Der BFH vertritt also die Auffassung, dass, wenn die ärztliche Dienstleistung untrennbarer Bestandteil einer Heilbehandlung sei und im Rahmen einer ordnungsgemäßen Heilbehandlung auf diese Leistung nicht verzichtet werden könne, die Umsatzsteuerfreiheit nach Paragraf 4 Nr. 14 a Umsatzsteuergesetz zu gewähren sei, auch wenn unmittelbarer Leistungsempfänger nicht ein Patient, sondern ein Krankenhaus oder ein anderer Arzt ist.

Auch die Frage, wer das Honorar des Arztes zahle, sei für die Beurteilung der Umsatzsteuerfreiheit von nachrangiger Bedeutung.

Konsequenzen für die Praxis: Ausgehend von den zitierten Passagen aus dem Urteil des BFH dürfte die Diskussion, ob honorar- und konsiliarärztliche Leistungen umsatzsteuerpflichtige Leistungen gegenüber einer Klinik sind, beendet sein.

Nachdem der BFH klargestellt hat, dass ein persönliches Vertrauensverhältnis nicht in jedem Fall erforderlich ist, sondern die Tätigkeit des Arztes ein notwendiger Bestandteil einer planvollen und den Regeln der ärztlichen Kunst entsprechenden Heilbehandlung sein muss, dürfte die Auffassung der Finanzverwaltung, honorar- und konsiliarärztliche Tätigkeiten seien umsatzsteuerpflichtig, nicht länger zu halten sein.

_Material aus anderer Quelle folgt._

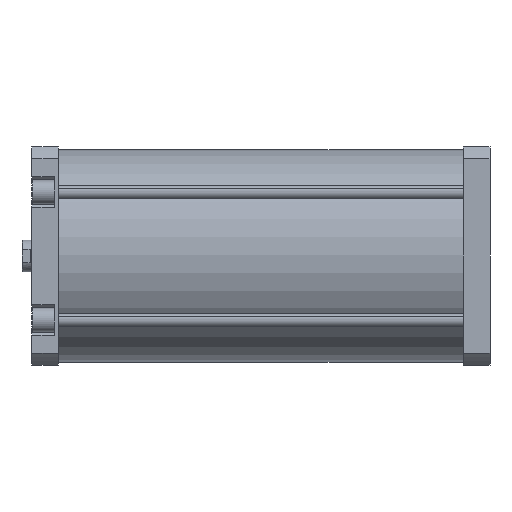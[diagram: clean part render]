
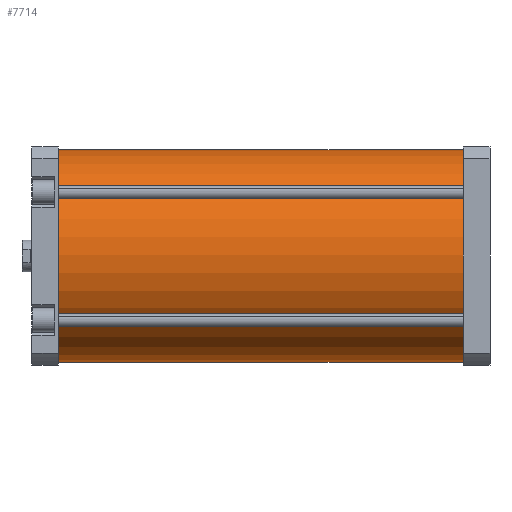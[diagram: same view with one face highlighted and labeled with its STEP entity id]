
A CAD part, front view. The second image highlights one B-rep face of the part: STEP entity #7714.
In plain terms, the highlighted cylindrical face has radius 131 mm (diameter 262 mm), a partial arc.
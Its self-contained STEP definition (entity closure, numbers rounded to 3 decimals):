
#675 = EDGE_CURVE ( 'NONE', #5594, #5595, #3842, .T. ) ;
#676 = EDGE_CURVE ( 'NONE', #5592, #5594, #3841, .T. ) ;
#677 = EDGE_CURVE ( 'NONE', #5592, #5593, #3845, .T. ) ;
#678 = EDGE_CURVE ( 'NONE', #5593, #5595, #3844, .T. ) ;
#1333 = FACE_OUTER_BOUND ( 'NONE', #6645, .T. ) ;
#1337 = CYLINDRICAL_SURFACE ( 'NONE', #3056, 131. ) ;
#1757 = CARTESIAN_POINT ( 'NONE',  ( 131., 0., 500. ) ) ;
#1758 = CARTESIAN_POINT ( 'NONE',  ( -131., 0., 500. ) ) ;
#1759 = CARTESIAN_POINT ( 'NONE',  ( 131., 0., 0. ) ) ;
#1760 = CARTESIAN_POINT ( 'NONE',  ( -131., 0., 0. ) ) ;
#1947 = DIRECTION ( 'NONE',  ( 0., 0., -1. ) ) ;
#1950 = DIRECTION ( 'NONE',  ( -1., 0., 0. ) ) ;
#1959 = CARTESIAN_POINT ( 'NONE',  ( 0., 0., 500. ) ) ;
#2749 = AXIS2_PLACEMENT_3D ( 'NONE', #4491, #4492, #4493 ) ;
#2752 = AXIS2_PLACEMENT_3D ( 'NONE', #4494, #4496, #4497 ) ;
#3056 = AXIS2_PLACEMENT_3D ( 'NONE', #1959, #1947, #1950 ) ;
#3837 = VECTOR ( 'NONE', #4499, 1000. ) ;
#3839 = VECTOR ( 'NONE', #4495, 1000. ) ;
#3841 = LINE ( 'NONE', #4488, #3839 ) ;
#3842 = CIRCLE ( 'NONE', #2749, 131. ) ;
#3844 = LINE ( 'NONE', #4483, #3837 ) ;
#3845 = CIRCLE ( 'NONE', #2752, 131. ) ;
#4483 = CARTESIAN_POINT ( 'NONE',  ( -131., 0., 500. ) ) ;
#4488 = CARTESIAN_POINT ( 'NONE',  ( 131., 0., 500. ) ) ;
#4491 = CARTESIAN_POINT ( 'NONE',  ( 0., 0., 0. ) ) ;
#4492 = DIRECTION ( 'NONE',  ( 0., 0., 1. ) ) ;
#4493 = DIRECTION ( 'NONE',  ( 1., 0., 0. ) ) ;
#4494 = CARTESIAN_POINT ( 'NONE',  ( 0., 0., 500. ) ) ;
#4495 = DIRECTION ( 'NONE',  ( 0., 0., -1. ) ) ;
#4496 = DIRECTION ( 'NONE',  ( 0., 0., 1. ) ) ;
#4497 = DIRECTION ( 'NONE',  ( 1., 0., 0. ) ) ;
#4499 = DIRECTION ( 'NONE',  ( 0., 0., -1. ) ) ;
#5592 = VERTEX_POINT ( 'NONE', #1757 ) ;
#5593 = VERTEX_POINT ( 'NONE', #1758 ) ;
#5594 = VERTEX_POINT ( 'NONE', #1759 ) ;
#5595 = VERTEX_POINT ( 'NONE', #1760 ) ;
#6645 = EDGE_LOOP ( 'NONE', ( #7040, #7039, #7038, #7037 ) ) ;
#7037 = ORIENTED_EDGE ( 'NONE', *, *, #678, .F. ) ;
#7038 = ORIENTED_EDGE ( 'NONE', *, *, #675, .T. ) ;
#7039 = ORIENTED_EDGE ( 'NONE', *, *, #676, .T. ) ;
#7040 = ORIENTED_EDGE ( 'NONE', *, *, #677, .F. ) ;
#7714 = ADVANCED_FACE ( 'NONE', ( #1333 ), #1337, .T. ) ;

Konsiliarärzte sind fester Bestandteil der Klinikleistung

Vereinfachung in die Diskussion bringt auch folgende Tatsache: Der Konsiliararzt wird regelmäßig zugezogen, wenn das vorhandene ärztliche Personal einer Klinik eine Zweitmeinung benötigt oder bestimmte fachliche Kompetenzen gebraucht werden, die die Klinik nicht vorhält.

Die Tätigkeit des Konsiliararztes stellt somit einen notwendigen Bestandteil einer planvollen und lege artis durchgeführten Heilbehandlung dar und ist damit umsatzsteuerfrei. Gleiches gilt für die Tätigkeit als Honorararzt.

Wie berichtet soll die Tätigkeit des Honorararztes im Rahmen des Versorgungsstrukturgesetzes durch eine Reform des Krankenhausentgeltgesetzes legalisiert werden, bzw. bestehende Zweifel an der Zulässigkeit sollen beseitigt werden.

Dass die Tätigkeit des Honorararztes im Rahmen eines ordnungsgemäßen Klinikbetriebes erfolgt, der wiederum eine planvolle Heilbehandlung lege artis zum Inhalt hat, dürfte außer Zweifel stehen.

Zur Person: Dietmar Sedlaczek ist Steuerberater und Fachanwalt für Medizinrecht. Er betreibt eine Kanzlei für Medizin- und Steuerrecht in Berlin und ist Partner des Steuerberaterverbunds Metax.